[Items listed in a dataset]
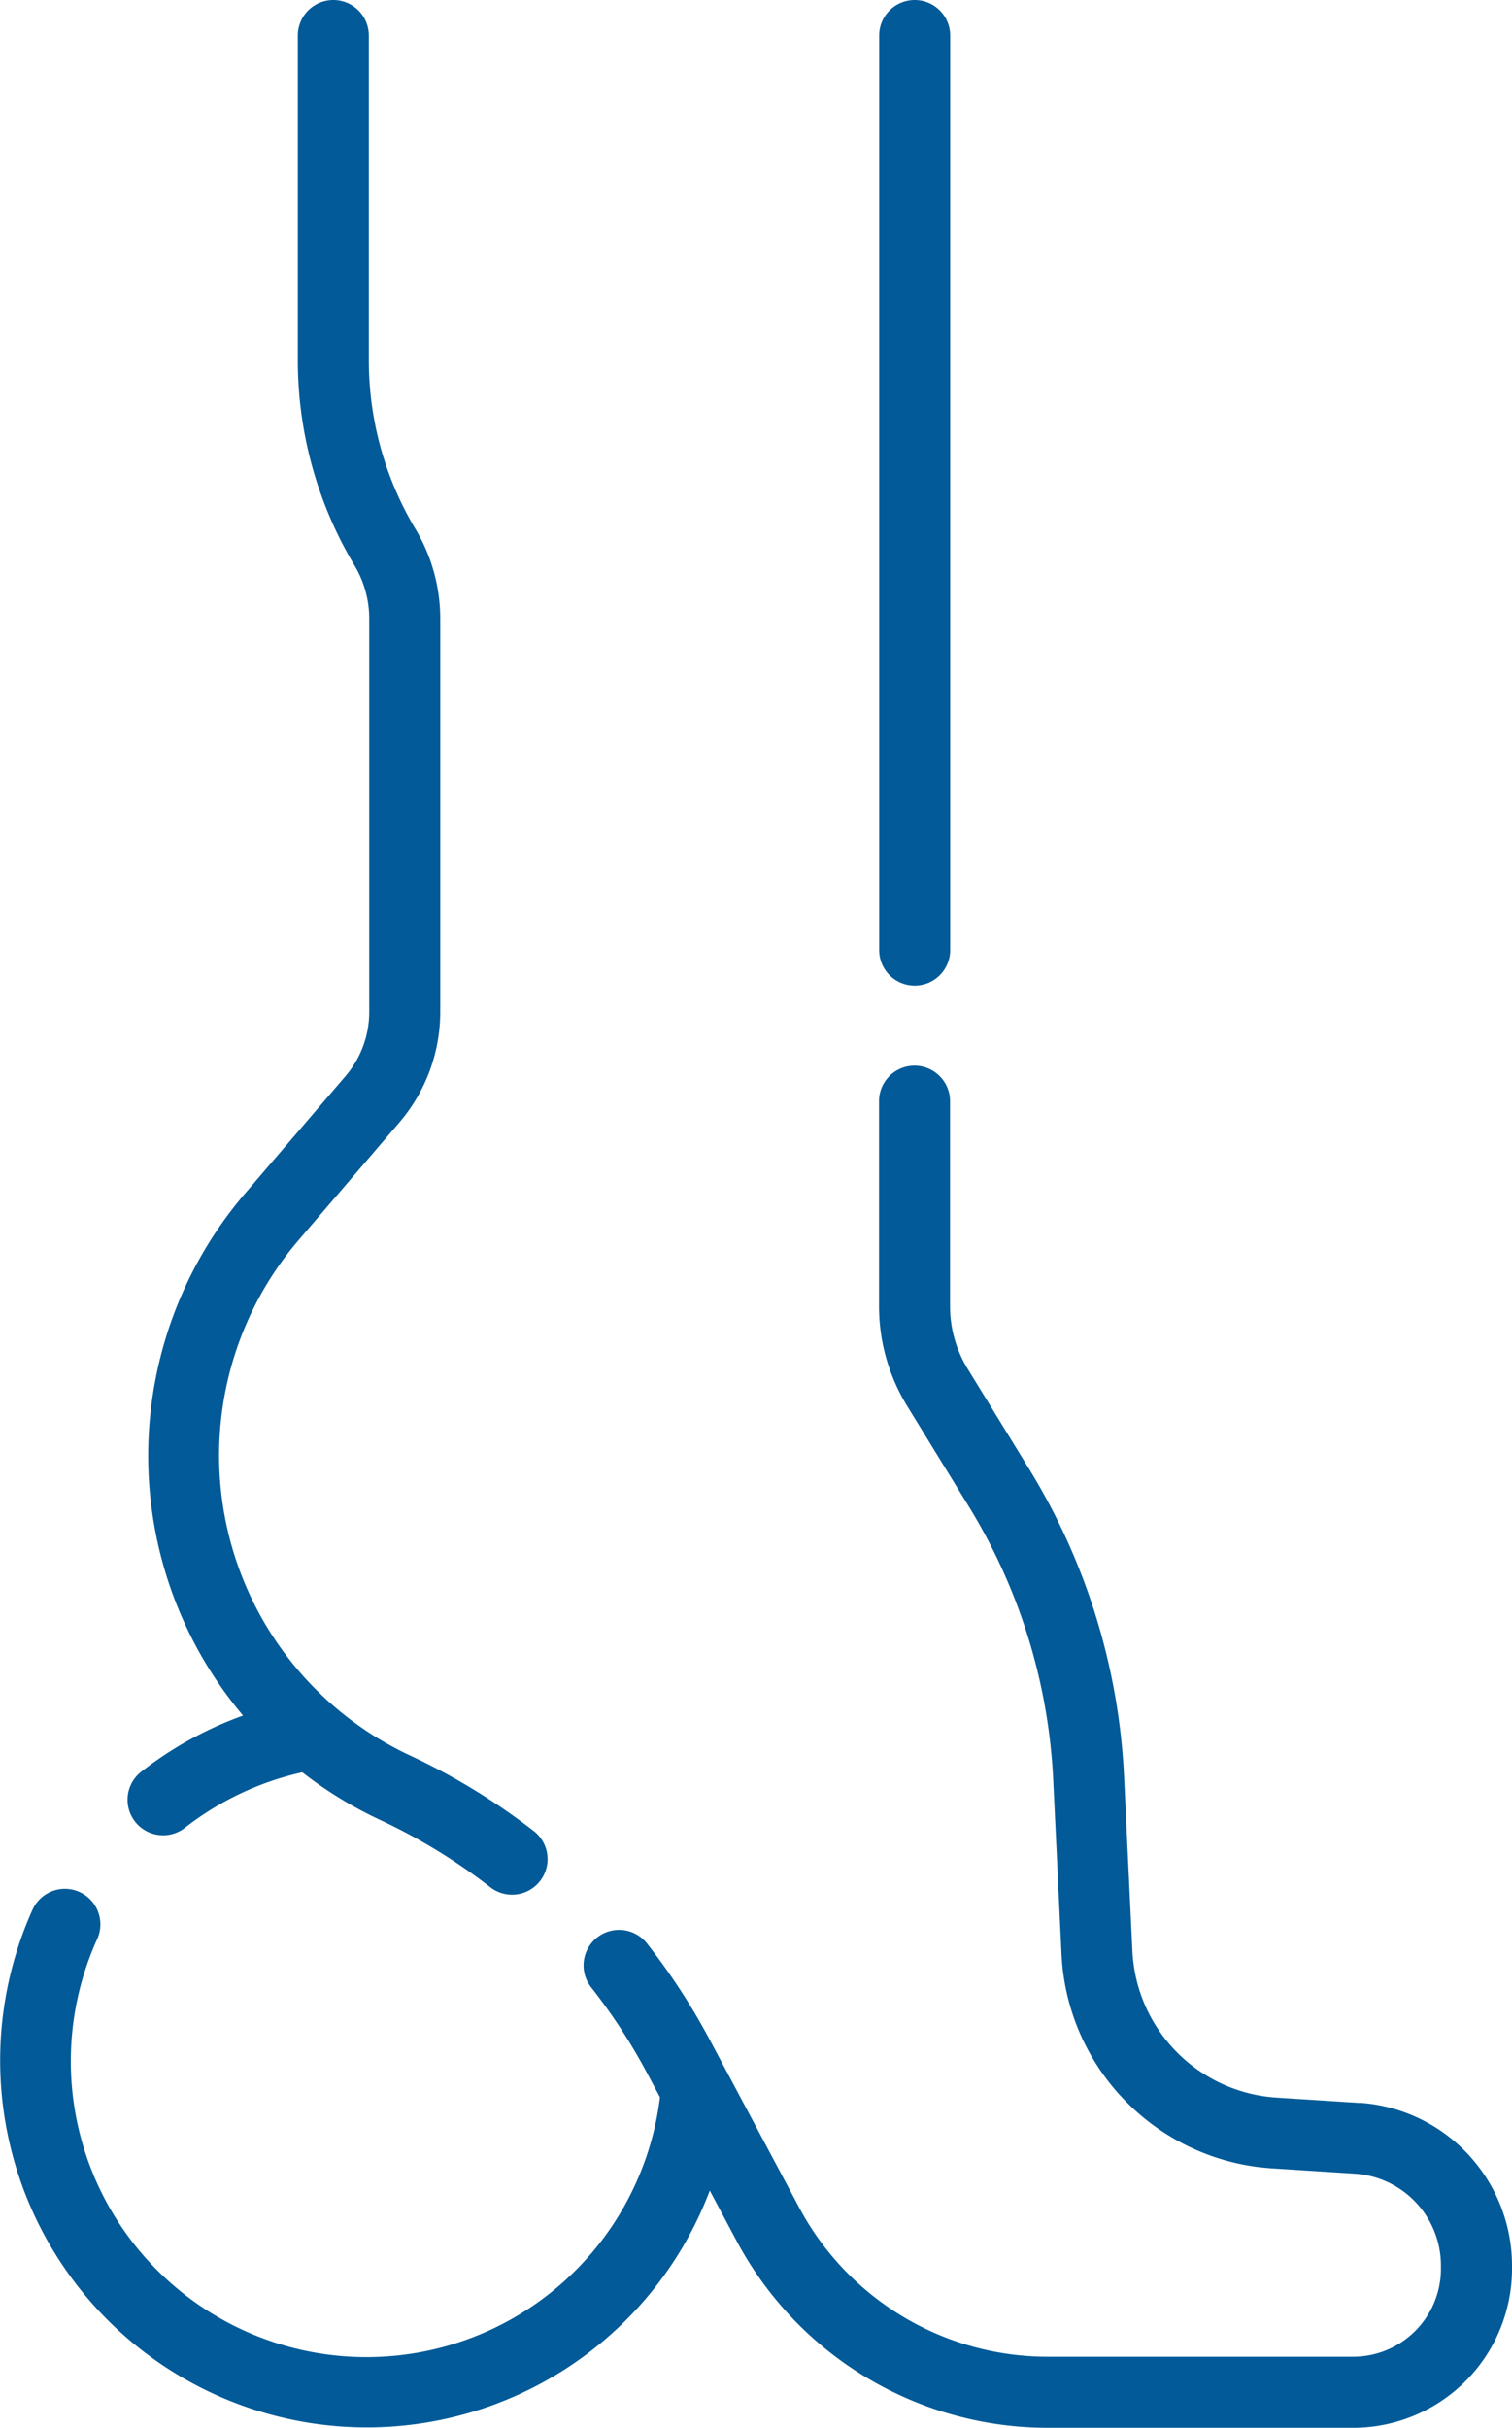 <svg xmlns="http://www.w3.org/2000/svg" width="50.338" height="80.782" viewBox="0 0 50.338 80.782">
  <g id="foot-massage" transform="translate(-96.601)">
    <path id="Path_152" data-name="Path 152" d="M141.872,259.567l-2.762-.177A5.136,5.136,0,0,1,134.3,254.5l-.276-5.8a21.5,21.5,0,0,0-3.145-10.2l-2.06-3.355a3.983,3.983,0,0,1-.589-2.085v-6.823a1.182,1.182,0,1,0-2.364,0v6.823a6.345,6.345,0,0,0,.939,3.322l2.06,3.355a19.125,19.125,0,0,1,2.8,9.075l.276,5.8a7.5,7.5,0,0,0,7.016,7.132l2.762.177a3.066,3.066,0,0,1,2.854,3.063v.1a2.927,2.927,0,0,1-2.927,2.927H131.5a9.386,9.386,0,0,1-8.3-4.977l-2.99-5.606a21.685,21.685,0,0,0-2.053-3.147,1.182,1.182,0,1,0-1.861,1.457,19.329,19.329,0,0,1,1.829,2.8l.448.839A9.844,9.844,0,1,1,99.843,254.1a1.182,1.182,0,0,0-2.152-.978,12.209,12.209,0,1,0,22.54,9.36l.888,1.665a11.745,11.745,0,0,0,10.381,6.228h10.148a5.291,5.291,0,0,0,5.291-5.291v-.1a5.435,5.435,0,0,0-5.066-5.422Z" transform="translate(0 -189.599)" fill="#025a98"/>
    <path id="Path_153" data-name="Path 153" d="M283.528,32.793a1.182,1.182,0,0,0,1.182-1.182V1.182a1.182,1.182,0,1,0-2.364,0V31.611A1.182,1.182,0,0,0,283.528,32.793Z" transform="translate(-156.475)" fill="#025a98"/>
    <path id="Path_154" data-name="Path 154" d="M124.729,61.063a1.176,1.176,0,0,0,.727-.251,9.866,9.866,0,0,1,3.907-1.846,13.542,13.542,0,0,0,2.6,1.589,19.291,19.291,0,0,1,3.661,2.236,1.182,1.182,0,1,0,1.448-1.869,21.658,21.658,0,0,0-4.111-2.51,11.017,11.017,0,0,1-3.717-17.155l3.354-3.915a5.653,5.653,0,0,0,1.359-3.675V20.587a5.815,5.815,0,0,0-.826-2.987,10.919,10.919,0,0,1-1.552-5.609V1.182a1.182,1.182,0,0,0-2.364,0V11.99a13.282,13.282,0,0,0,1.888,6.824,3.453,3.453,0,0,1,.49,1.773v13.08a3.288,3.288,0,0,1-.79,2.137l-3.354,3.915a13.416,13.416,0,0,0-.058,17.36A12.275,12.275,0,0,0,124,58.949a1.182,1.182,0,0,0,.728,2.113Z" transform="translate(-22.699 0)" fill="#025a98"/>
  </g>
</svg>

* [What you are asked to do]: The entries above need to be output again in full, exactly, and without pictures.

* [Output for this exercise]:
 <svg xmlns="http://www.w3.org/2000/svg" width="50.338" height="80.782" viewBox="0 0 50.338 80.782">
  <g id="foot-massage" transform="translate(-96.601)">
    <path id="Path_152" data-name="Path 152" d="M141.872,259.567l-2.762-.177A5.136,5.136,0,0,1,134.3,254.5l-.276-5.8a21.5,21.5,0,0,0-3.145-10.2l-2.06-3.355a3.983,3.983,0,0,1-.589-2.085v-6.823a1.182,1.182,0,1,0-2.364,0v6.823a6.345,6.345,0,0,0,.939,3.322l2.06,3.355a19.125,19.125,0,0,1,2.8,9.075l.276,5.8a7.5,7.5,0,0,0,7.016,7.132l2.762.177a3.066,3.066,0,0,1,2.854,3.063v.1a2.927,2.927,0,0,1-2.927,2.927H131.5a9.386,9.386,0,0,1-8.3-4.977l-2.99-5.606a21.685,21.685,0,0,0-2.053-3.147,1.182,1.182,0,1,0-1.861,1.457,19.329,19.329,0,0,1,1.829,2.8l.448.839A9.844,9.844,0,1,1,99.843,254.1a1.182,1.182,0,0,0-2.152-.978,12.209,12.209,0,1,0,22.54,9.36l.888,1.665a11.745,11.745,0,0,0,10.381,6.228h10.148a5.291,5.291,0,0,0,5.291-5.291v-.1a5.435,5.435,0,0,0-5.066-5.422Z" transform="translate(0 -189.599)" fill="#025a98"/>
    <path id="Path_153" data-name="Path 153" d="M283.528,32.793a1.182,1.182,0,0,0,1.182-1.182V1.182a1.182,1.182,0,1,0-2.364,0V31.611A1.182,1.182,0,0,0,283.528,32.793Z" transform="translate(-156.475)" fill="#025a98"/>
    <path id="Path_154" data-name="Path 154" d="M124.729,61.063a1.176,1.176,0,0,0,.727-.251,9.866,9.866,0,0,1,3.907-1.846,13.542,13.542,0,0,0,2.6,1.589,19.291,19.291,0,0,1,3.661,2.236,1.182,1.182,0,1,0,1.448-1.869,21.658,21.658,0,0,0-4.111-2.51,11.017,11.017,0,0,1-3.717-17.155l3.354-3.915a5.653,5.653,0,0,0,1.359-3.675V20.587a5.815,5.815,0,0,0-.826-2.987,10.919,10.919,0,0,1-1.552-5.609V1.182a1.182,1.182,0,0,0-2.364,0V11.99a13.282,13.282,0,0,0,1.888,6.824,3.453,3.453,0,0,1,.49,1.773v13.08a3.288,3.288,0,0,1-.79,2.137l-3.354,3.915a13.416,13.416,0,0,0-.058,17.36A12.275,12.275,0,0,0,124,58.949a1.182,1.182,0,0,0,.728,2.113Z" transform="translate(-22.699 0)" fill="#025a98"/>
  </g>
</svg>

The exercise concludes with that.